About this exercise:
Starting with the first line below, extract each line through the one that contains "## Abstract", inclusive, excluding pictures.

Entries supplied:
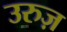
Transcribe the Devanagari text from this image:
उरुज़
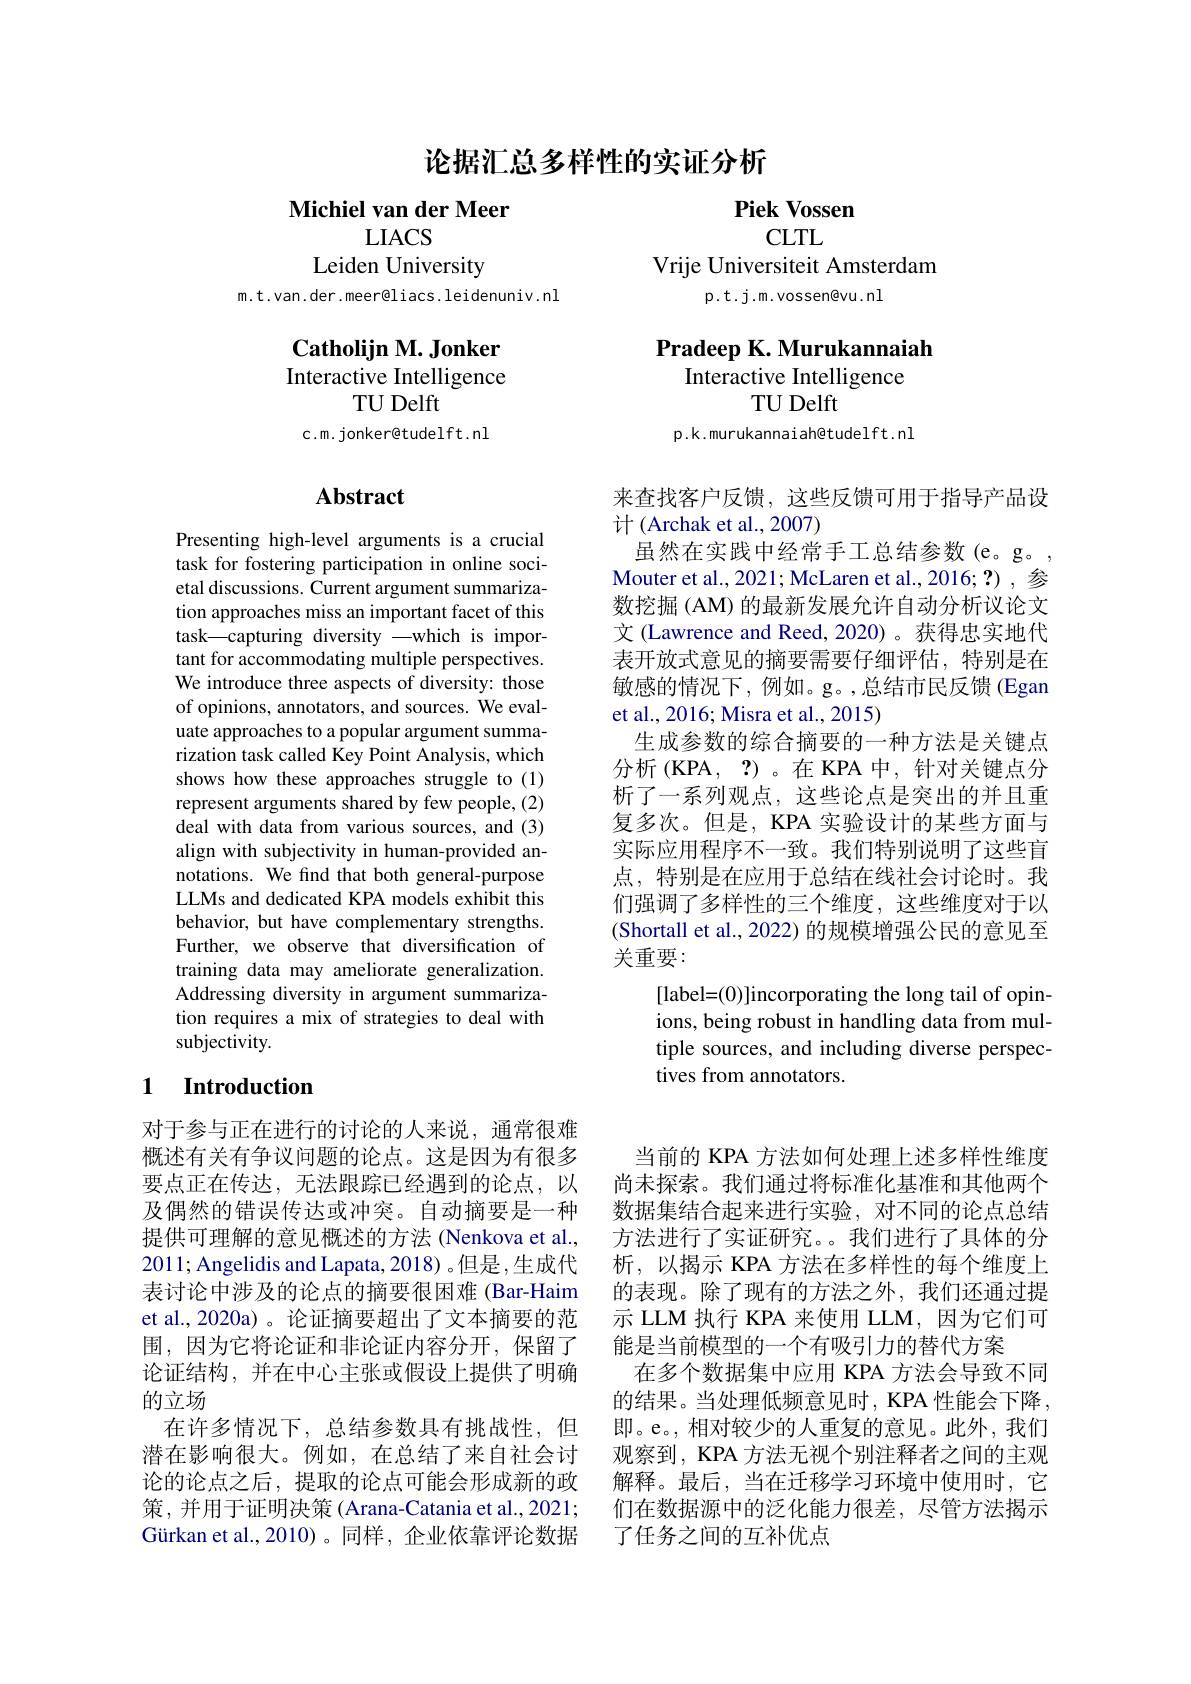
论据汇总多样性的实证分析

Michiel van der Meer

$LIACS$
Leiden University

m.t.van.der.meer@liacs.leidenuniv.nl

## $\textbf{Catholijn M. Jonker}$ Interactive Intelligence TU Delft

c.m. jonker@tudelft.nl

## Abstract

Presenting high-level arguments is a crucial task for fostering participation in online societal discussions. Current argument summarization approaches miss an important facet of this task—capturing diversity —which is important for accommodating multiple perspectives. We introduce three aspects of diversity: those of opinions, annotators, and sources. We evaluate approaches to a popular argument summarization task called Key Point Analysis, which shows how these approaches struggle to (1) represent arguments shared by few people, (2) deal with data from various sources, and (3) align with subjectivity in human-provided annotations. We find that both general-purpose LLMs and dedicated KPA models exhibit this behavior, but have complementary strengths. Further, we observe that diversification of training data may ameliorate generalization. Addressing diversity in argument summarization requires a mix of strategies to deal with subjectivity.

## 1 $\textbf{Introduction}$

对于参与正在进行的讨论的人来说，通常很难概述有关有争议问题的论点。这是因为有很多要点正在传达，无法跟踪已经遇到的论点，以及偶然的错误传达或冲突。自动摘要是一种提供可理解的意见概述的方法 (Nenkova et al., 2011;Angelidis and Lapata, 2018) 。但是，生成代表讨论中涉及的论点的摘要很困难 (Bar-Haim et al.,2020a)。论证摘要超出了文本摘要的范围，因为它将论证和非论证内容分开，保留了论证结构，并在中心主张或假设上提供了明确的立场
在许多情况下，总结参数具有挑战性，但潜在影响很大。例如，在总结了来自社会讨论的论点之后，提取的论点可能会形成新的政策，并用于证明决策 (Arana-Catania et al., 2021; Gürkan et al.,2010)。同样，企业依靠评论数据

Piek Vossen
CLTL
Vrije Universiteit Amsterdam
p.t.j.m.vossen@vu.nl

## Pradeep K. Murukannaiah Interactive Intelligence

TU Delft

p.k.murukannaiah@tudelft.nl

来查找客户反馈，这些反馈可用于指导产品设
计 (Archak et al., 2007)
虽然在实践中经常手工总结参数(e。g。, Mouter et al., 2021; McLaren et al., 2016; ?) , 参数挖掘 (AM) 的最新发展允许自动分析议论文文 (Lawrence and Reed, 2020)。获得忠实地代表开放式意见的摘要需要仔细评估，特别是在敏感的情况下，例如。g。,总结市民反馈 (Egan et al., 2016; Misra et al., 2015)
生成参数的综合摘要的一种方法是关键点分析(KPA,?)。在 KPA 中，针对关键点分析了一系列观点，这些论点是突出的并且重复多次。但是，KPA 实验设计的某些方面与实际应用程序不一致。我们特别说明了这些盲点，特别是在应用于总结在线社会讨论时。我们强调了多样性的三个维度，这些维度对于以(Shortall et al., 2022) 的规模增强公民的意见至关重要：
[label=(0)]incorporating the long tail of opinions, being robust in handling data from multiple sources, and including diverse perspectives from annotators.

当前的 KPA 方法如何处理上述多样性维度尚未探索。我们通过将标准化基准和其他两个数据集结合起来进行实验，对不同的论点总结方法进行了实证研究。。我们进行了具体的分析，以揭示 KPA 方法在多样性的每个维度上的表现。除了现有的方法之外，我们还通过提示 LLM 执行 KPA 来使用 LLM,因为它们可能是当前模型的一个有吸引力的替代方案
在多个数据集中应用 KPA 方法会导致不同的结果。当处理低频意见时，KPA 性能会下降， 即。e。, 相对较少的人重复的意见。此外，我们观察到，KPA 方法无视个别注释者之间的主观解释。最后，当在迁移学习环境中使用时，它们在数据源中的泛化能力很差，尽管方法揭示了任务之间的互补优点
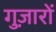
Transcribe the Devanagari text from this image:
गुज़ारों
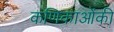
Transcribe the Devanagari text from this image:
कणिकाओंकी

Problem solution:
Transcribe the Devanagari text from this image:
उरुज़
论据汇总多样性的实证分析

Michiel van der Meer

$LIACS$
Leiden University

m.t.van.der.meer@liacs.leidenuniv.nl

## $\textbf{Catholijn M. Jonker}$ Interactive Intelligence TU Delft

c.m. jonker@tudelft.nl

## Abstract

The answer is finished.